The article positions Microsoft and Advanced Micro Devices as beneficiaries of a structural shift in corporate spending toward artificial intelligence infrastructure. Morgan Stanley's $3 trillion(約480兆円) data center projection by 2028 provides the economic backdrop—a sustained multi-year investment cycle that favors companies with the scale and technology to serve hyperscalers (large cloud providers). Microsoft's position rests on two strengths: a massive backlog of $627 billion(約100兆円) in remaining performance obligations (25% expected to be earned in the next 12 months) and the operational cash generation ($170 billion(約27兆円) annually) needed to fund a doubling of data center capacity over two years. The company acknowledges that heavy capital spending will pressure near-term earnings, but management frames these assets as five- to 15-year bets, implying the market may be undervaluing long-term returns.
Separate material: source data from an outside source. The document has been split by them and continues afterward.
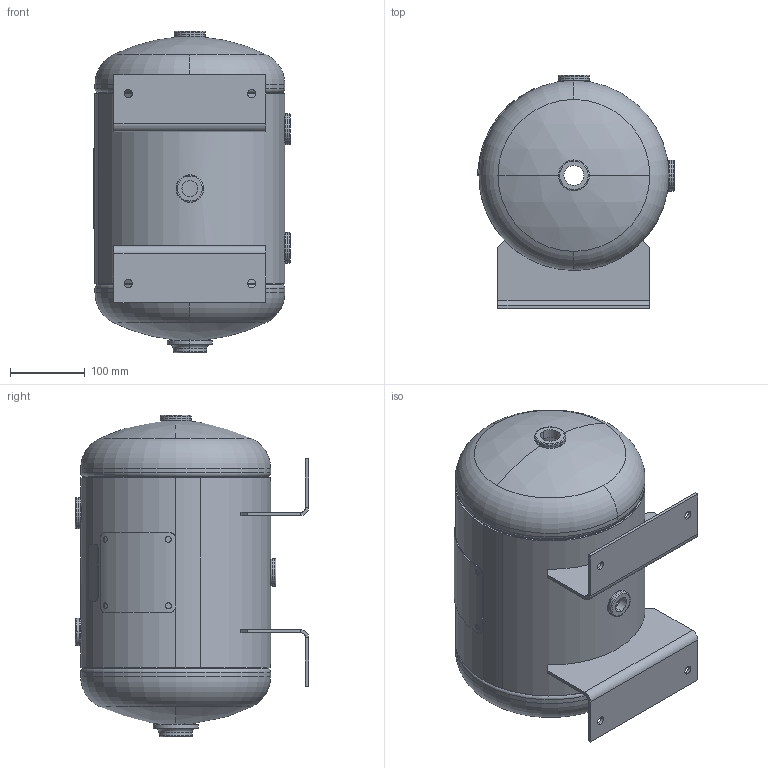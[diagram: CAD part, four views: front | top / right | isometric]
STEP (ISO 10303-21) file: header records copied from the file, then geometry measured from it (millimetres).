
FILE_DESCRIPTION (( 'STEP AP214' ), '1' );
FILE_NAME ('304932.STEP', '2024-03-20T21:00:13', ( '' ), ( '' ), 'SwSTEP 2.0', 'SolidWorks 2022', '' );
FILE_SCHEMA (( 'AUTOMOTIVE_DESIGN' ));
Length unit declared in the file: inch
Products named in the file (10): NP-HOR_10; 304932-SL; HEAD_10X094JOG; 304932; S36195; PHOENIX FLAT FLANGE_0750; A84496; PHOENIX FLAT FLANGE_1000; PHOENIX FLAT FLANGE_0500P393
Assembly tree (14 placements, depth 2):
  304932
    304932-SL
    HEAD_10X094JOG
    HEAD_10X094JOG
    PHOENIX FLAT FLANGE_1000
    PHOENIX FLAT FLANGE_0750  x4
    PHOENIX FLAT FLANGE_0500P393  x2
    A84496  x2
    S36195
    NP-HOR_10
Bounding box: 262.66 x 311.94 x 429.84 mm (x, y, z)
Volume: 1185405.2 mm3; surface area: 899231.1 mm2
Topology: 14 solids, 14 shells, 310 faces, 682 edges, 408 vertices
Faces by surface type: torus 108, cylinder 102, plane 70, bspline 22, sphere 8
Entity records: 12098 total; most frequent: CARTESIAN_POINT 7175, DIRECTION 998, ORIENTED_EDGE 888, EDGE_CURVE 444, AXIS2_PLACEMENT_3D 443, VERTEX_POINT 268, CIRCLE 254, EDGE_LOOP 226
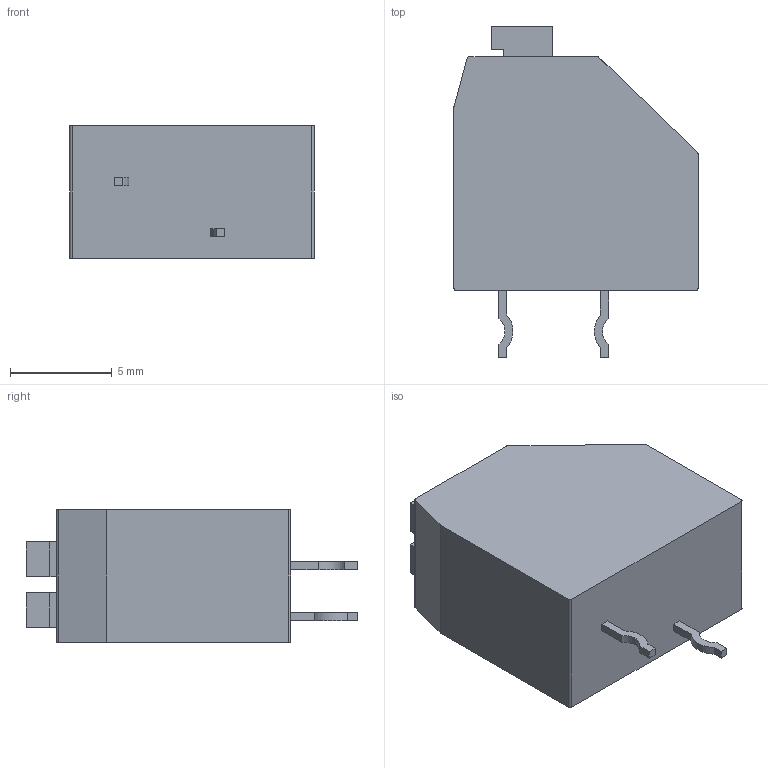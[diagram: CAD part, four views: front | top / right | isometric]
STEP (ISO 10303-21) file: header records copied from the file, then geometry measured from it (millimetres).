
FILE_DESCRIPTION((''),'2;1');
FILE_NAME('TLM-250','2024-09-27T11:16:30',('tluser'),(''),'CREO PARAMETRIC BY PTC INC, 2018100','CREO PARAMETRIC BY PTC INC, 2018100','');
FILE_SCHEMA(('CONFIG_CONTROL_DESIGN'));
Length unit declared in the file: millimetre
Products named in the file (1): TLM-250
Bounding box: 12 x 16.3 x 6.5 mm (x, y, z)
Volume: 798.2 mm3; surface area: 641.4 mm2
Topology: 1 solids, 1 shells, 56 faces, 150 edges, 100 vertices
Faces by surface type: plane 42, cylinder 14
Entity records: 1810 total; most frequent: CARTESIAN_POINT 342, ORIENTED_EDGE 300, DIRECTION 286, EDGE_CURVE 150, VECTOR 122, LINE 122, VERTEX_POINT 100, AXIS2_PLACEMENT_3D 82
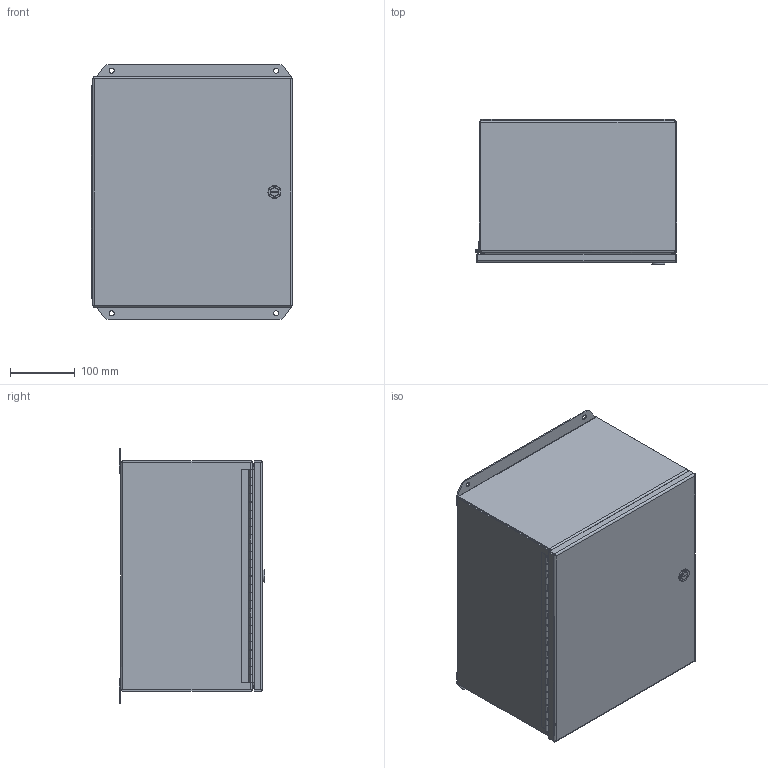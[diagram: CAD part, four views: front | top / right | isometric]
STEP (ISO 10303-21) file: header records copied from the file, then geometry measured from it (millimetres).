
FILE_DESCRIPTION (( 'STEP AP203' ), '1' );
FILE_NAME ('EJ14128AL_Default.step', '2019-11-13T20:03:57', ( '' ), ( '' ), 'SwSTEP 2.0', 'SolidWorks 2019', '' );
FILE_SCHEMA (( 'CONFIG_CONTROL_DESIGN' ));
Length unit declared in the file: inch
Products named in the file (1): EJ14128AL_Default
Bounding box: 310.54 x 224.03 x 393.7 mm (x, y, z)
Volume: 1365289.4 mm3; surface area: 1367247.5 mm2
Topology: 14 solids, 15 shells, 694 faces, 2208 edges, 1397 vertices
Faces by surface type: plane 466, cylinder 160, bspline 44, cone 24
Entity records: 26341 total; most frequent: CARTESIAN_POINT 6520, ORIENTED_EDGE 4384, DIRECTION 3964, EDGE_CURVE 2192, VECTOR 1514, LINE 1514, VERTEX_POINT 1397, AXIS2_PLACEMENT_3D 1225
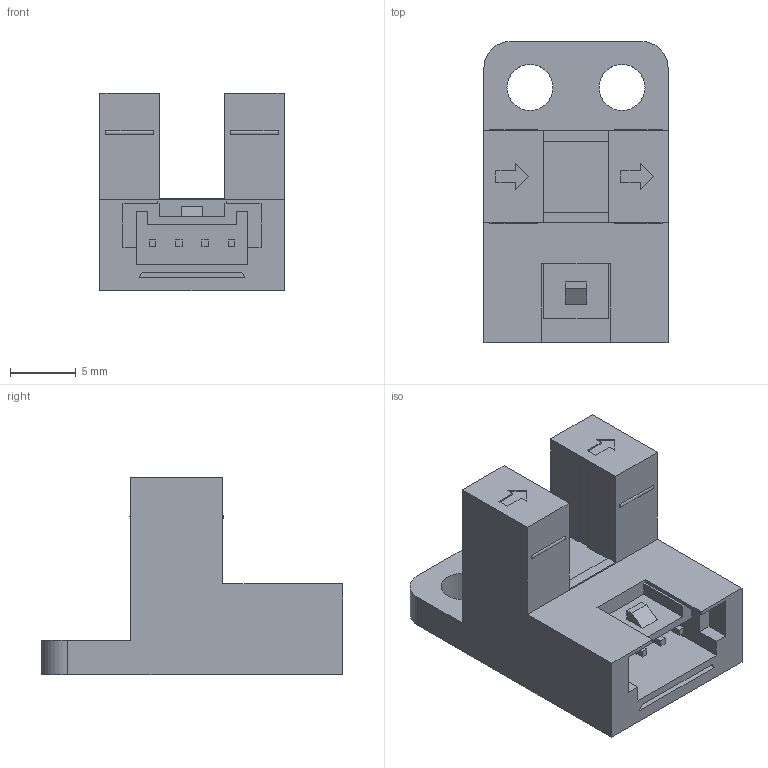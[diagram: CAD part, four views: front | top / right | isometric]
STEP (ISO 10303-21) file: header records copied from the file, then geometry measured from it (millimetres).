
FILE_DESCRIPTION((''),'2;1');
FILE_NAME('PU-65NY','2022-07-29T16:05:36',('Administrator'),(''),'CREO PARAMETRIC BY PTC INC, 2021023','CREO PARAMETRIC BY PTC INC, 2021023','');
FILE_SCHEMA(('AUTOMOTIVE_DESIGN { 1 0 10303 214 1 1 1 1 }'));
Length unit declared in the file: millimetre
Products named in the file (1): PU-65NY
Bounding box: 14 x 22.9 x 15 mm (x, y, z)
Volume: 2017.4 mm3; surface area: 1774.5 mm2
Topology: 1 solids, 1 shells, 114 faces, 298 edges, 198 vertices
Faces by surface type: plane 104, cylinder 10
Entity records: 4829 total; most frequent: CARTESIAN_POINT 612, ORIENTED_EDGE 596, DIRECTION 546, PRESENTATION_STYLE_ASSIGNMENT 346, STYLED_ITEM 299, CURVE_STYLE 298, EDGE_CURVE 298, VECTOR 278
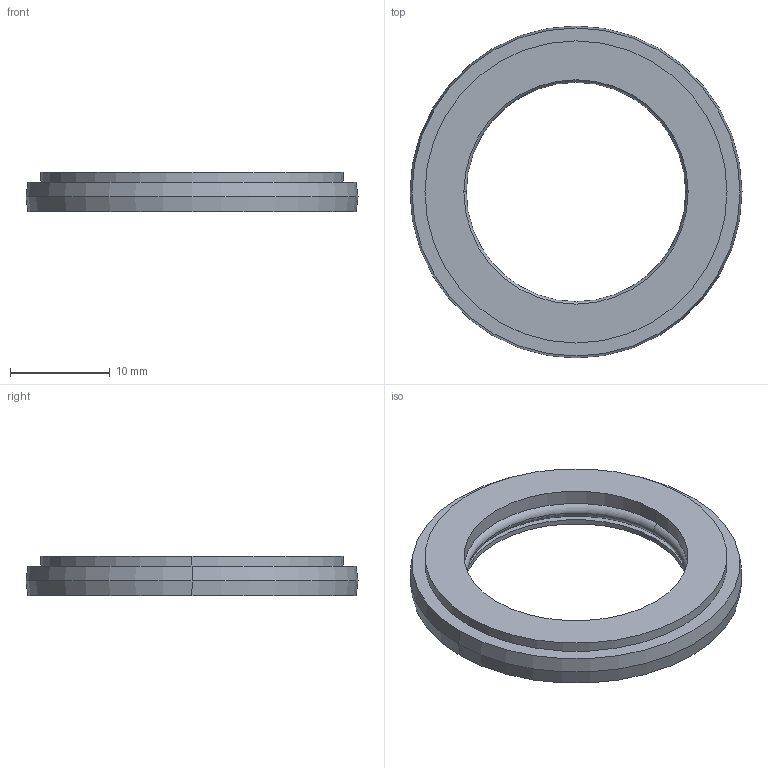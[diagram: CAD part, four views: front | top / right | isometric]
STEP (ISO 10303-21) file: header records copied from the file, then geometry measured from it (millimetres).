
FILE_DESCRIPTION (( 'STEP AP203' ), '1' );
FILE_NAME ('STP-5297-2040-022.5-0(08540-22.5).STEP', '2022-07-25T08:10:49', ( '' ), ( '' ), 'SwSTEP 2.0', 'SolidWorks 2017', '' );
FILE_SCHEMA (( 'CONFIG_CONTROL_DESIGN' ));
Length unit declared in the file: millimetre
Products named in the file (1): STP-5297-2040-022.5-0(08540-22.5)
Bounding box: 33.3 x 33.3 x 4 mm (x, y, z)
Volume: 1616.4 mm3; surface area: 2190.6 mm2
Topology: 2 solids, 2 shells, 21 faces, 42 edges, 26 vertices
Faces by surface type: cylinder 8, plane 5, cone 4, torus 4
Entity records: 641 total; most frequent: DIRECTION 116, CARTESIAN_POINT 90, ORIENTED_EDGE 84, AXIS2_PLACEMENT_3D 52, EDGE_CURVE 42, CIRCLE 30, EDGE_LOOP 26, VERTEX_POINT 26

AMD's advantage is more tactical: it is winning server CPU share from Intel (a multi-year trend that accelerated in Q1) and the 2025 ZT Systems acquisition gives it the design and integration capabilities to offer complete rack systems—a capability that was previously limited to Nvidia among chip vendors. The second-half 2026 launch of Helios represents a near-term catalyst for AMD's data center GPU ambitions. Both stocks are being evaluated on growth multiples that the article suggests may be justified: Microsoft at a forward P/E of 20 with 16% projected earnings growth, and AMD at 74x forward P/E with 59% projected earnings growth, though AMD's valuation is acknowledged as elevated.